*** DATA SUPPLIED ***
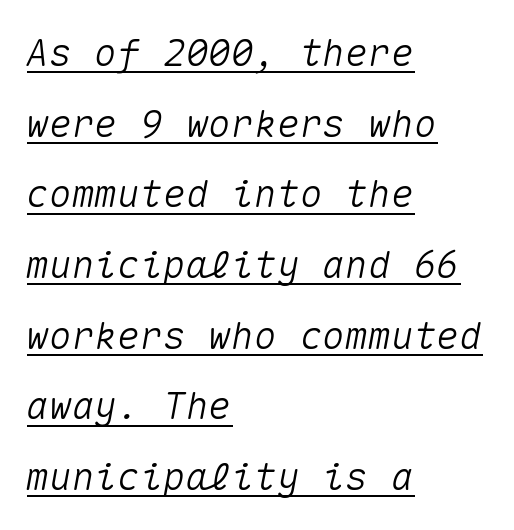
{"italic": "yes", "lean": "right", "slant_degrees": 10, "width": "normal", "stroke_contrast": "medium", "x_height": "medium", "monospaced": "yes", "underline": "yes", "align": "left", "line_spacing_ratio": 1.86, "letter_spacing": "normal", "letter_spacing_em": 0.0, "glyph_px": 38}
*** End of DATA SUPPLIED ***
*** DATA SUPPLIED ***
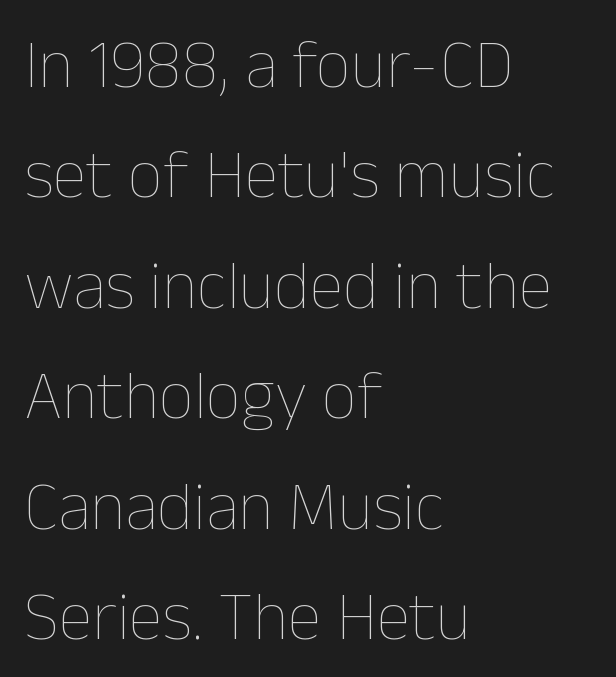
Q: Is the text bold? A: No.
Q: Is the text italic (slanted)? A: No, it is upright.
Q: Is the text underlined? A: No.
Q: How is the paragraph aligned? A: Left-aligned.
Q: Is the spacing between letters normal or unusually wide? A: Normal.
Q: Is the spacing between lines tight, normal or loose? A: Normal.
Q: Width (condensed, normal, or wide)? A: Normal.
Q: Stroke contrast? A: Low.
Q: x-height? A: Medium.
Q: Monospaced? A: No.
*** End of DATA SUPPLIED ***
*** DATA SUPPLIED ***
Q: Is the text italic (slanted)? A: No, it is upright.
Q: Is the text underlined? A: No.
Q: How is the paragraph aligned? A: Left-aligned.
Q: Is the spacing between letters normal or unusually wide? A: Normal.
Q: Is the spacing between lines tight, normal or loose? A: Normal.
*** End of DATA SUPPLIED ***
• _BRIEF_
Using the entries above, give again exactly the lines from the line holding "Q: Stroke contrast? A: Low." through the line holding "Q: Monospaced? A: No.". Include both end lines and nothing else.

• _RESPONSE TO THIS EXERCISE_
Q: Stroke contrast? A: Low.
Q: x-height? A: Medium.
Q: Monospaced? A: No.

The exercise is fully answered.